The bluetooth feature can also be used for any major bluetooth headset. For playing games online or even using Skype. It can also be used as headphones for the system in general (wireless headphones anyone?). I tried making a call to my computer using Skype and it works surprisingly well. I understand Skype has been a feature on the prior PSP systems, but this is the first time you can use a bluetooth to talk on it. If you think about it, this is basically a WiFi phone. I’m not suggesting that you cancel your cell phone contract, but it’s a neat feature to fall back on.

And lastly, Sony has just added bluetooth tethering to the Go via the 6.10 firmware update. Tethering is when you turn a mobile device like a blackberry or iphone into a modem and use the 3G internet from the phone service via bluetooth. Thus basically giving you internet access anywhere on your PSP, which is a feature I’ve wanted since I got my 1000. I attempted to try this out, but I’m not sure if Verizon supports this or if my LG Voyager even supports it. Then again I haven’t looked into it too hardcore outside of trying to pair my phone to it (which worked, it just can do anything with it).


Storage:
Got a bunch of UMD’s? Throw that shit out. Got a bunch of Memory Stick Duo’s? Throw them away too, because that shit don’t work here either (of course right?)… The duo slot has been replaced by Sony’s cell phone card: the “M2″. I guess I can understand why they opted for this. The Go is a smaller device and the card drive is smaller, but still; you ALWAYS have to upgrade every freaking time you get something new…ugh. On the bright side, if you don’t want to invest in M2 cards you could always just use the 16GB internal storage (which is actually 14GB after compression and the system stealing some room for “its own purposes”). Thinking realistically though, it’s nice to have all that space on the unit itself so that you don’t have to carry anything but the system. However, that convenience comes at a cost; what kind of cost? The kind where you are at the whim of Sony’s trigger finger on releasing and re-releasing titles for you to buy (via thePSN). This can be a bummer since big name titles like FF7: Crisis Core, Lumines, and GTA are not available yet.


Bottomline:
I could rant more about features and specs and sales numbers, but you can get all that somewhere else. What you can’t get is my hands-on final opinion of the system. It’s a tough and nearly impossible break down of whether or not I should suggest the Go or who I should suggest it to, because there are so many variables with the Go. One could argue there is hardly any games on the PSN while someone else could argue you don’t need anything but the unit itself. Ultimately, I
would say that Sony got out of the box with this a little early. They really should have built a stronger line up of software that people actually buy (really? Brunswick pro bowling but no Crisis Core? or GTA?).

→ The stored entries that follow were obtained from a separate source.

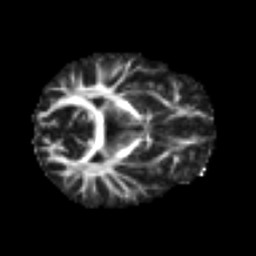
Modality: FA
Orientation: axial
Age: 19
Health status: ill
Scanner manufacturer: philips
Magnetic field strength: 3 T
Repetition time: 9 s
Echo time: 0.127 s
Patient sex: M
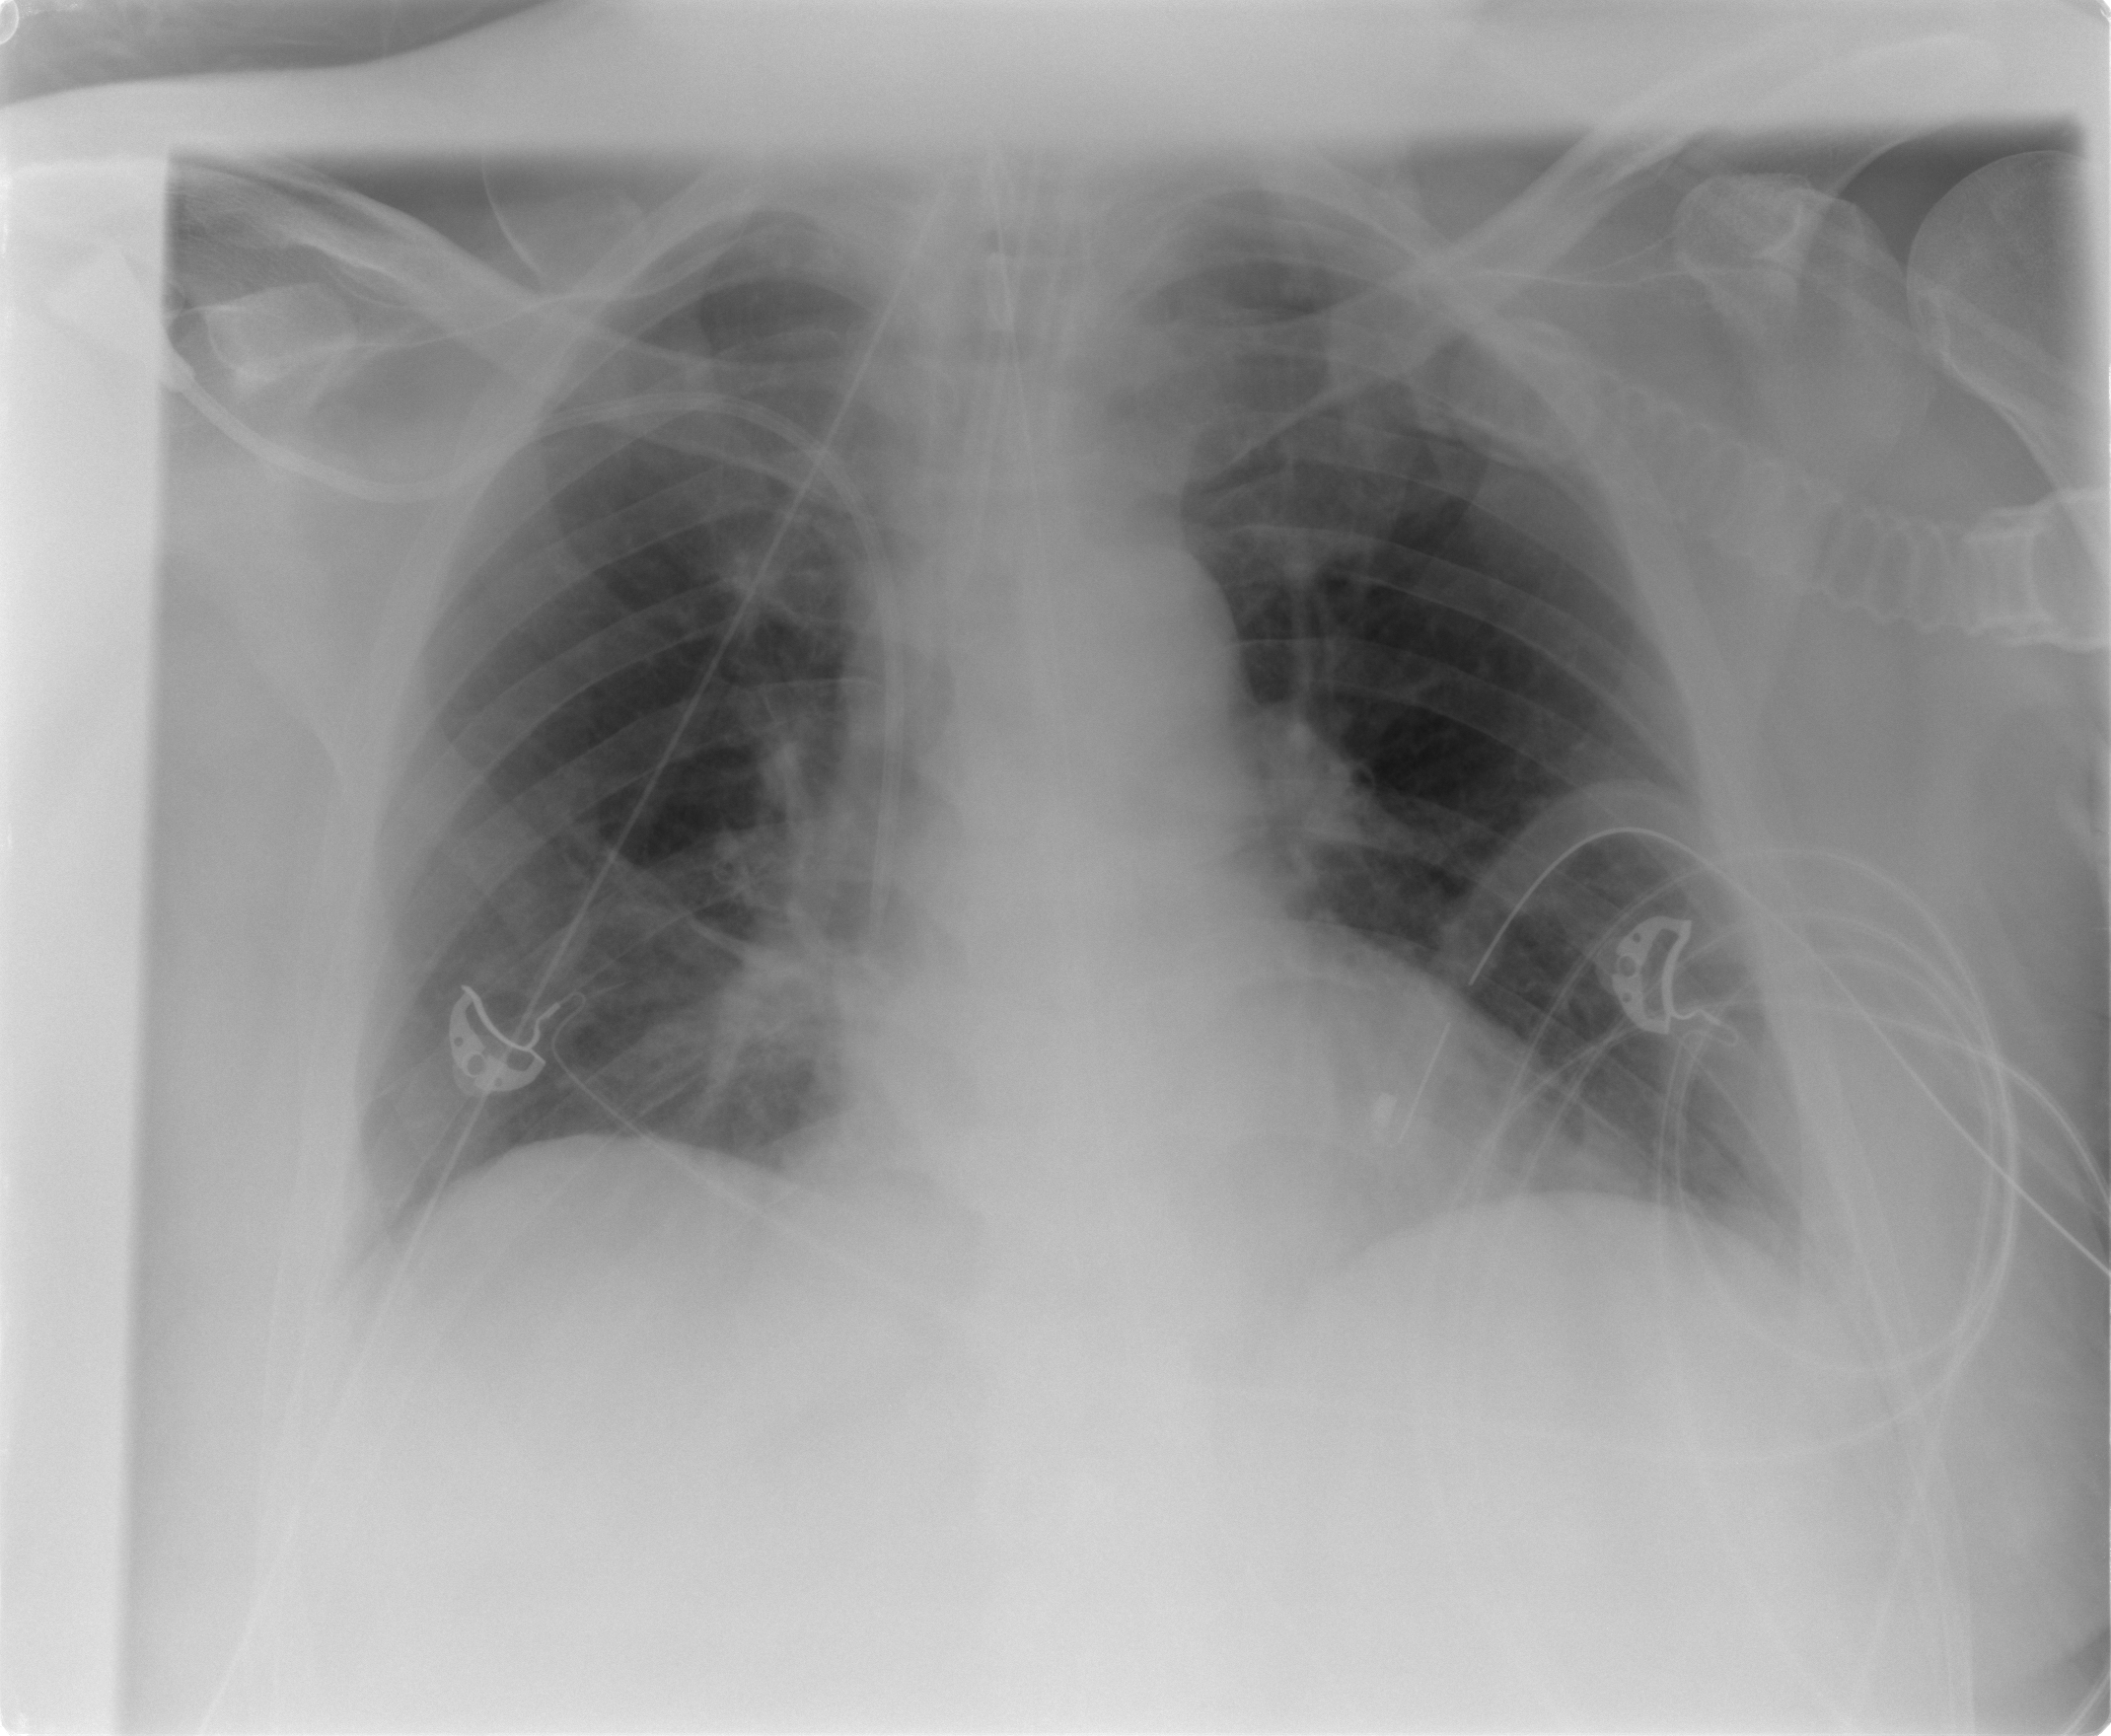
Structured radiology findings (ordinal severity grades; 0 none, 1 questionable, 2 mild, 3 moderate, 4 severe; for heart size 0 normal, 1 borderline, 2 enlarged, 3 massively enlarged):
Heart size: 2
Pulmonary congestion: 0
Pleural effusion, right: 0
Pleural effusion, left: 0
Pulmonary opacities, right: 0
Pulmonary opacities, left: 0
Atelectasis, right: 2
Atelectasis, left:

I honestly can’t finalize this like a software review and just say “buy or rent”, because the Go is such a wish washy device. Somethings about it are amazing while others are depressing; I don’t recommend making your decision on buying a Go based on my review nor do I recommend you do so from IGN, or CNET, or anywhere else. if this was just another UMD based PSP, the story would be a lot different. The problem here is Sony is a little ahead of their time, which is good… and bad. Initially I hated my Go, but now I love it and I cant imagine going back to UMD. Are you going to have the same experience? It’s very possible.


Cliffs:

Are you okay with not being able to use your old PSP games? Yes
Does it make you cringe to know you’re not going to have a box? No
Do you have $250? Yes
Do you have to have the latest in technology? Yes
Are your thumbs as big as a D size battery? No
Do you buy all your PSP games from bargain bins ? No

If you had the same answer to 4 out of 6 of the above questions, I would recommend a PSP Go. If not, I would say you need more time to think about it.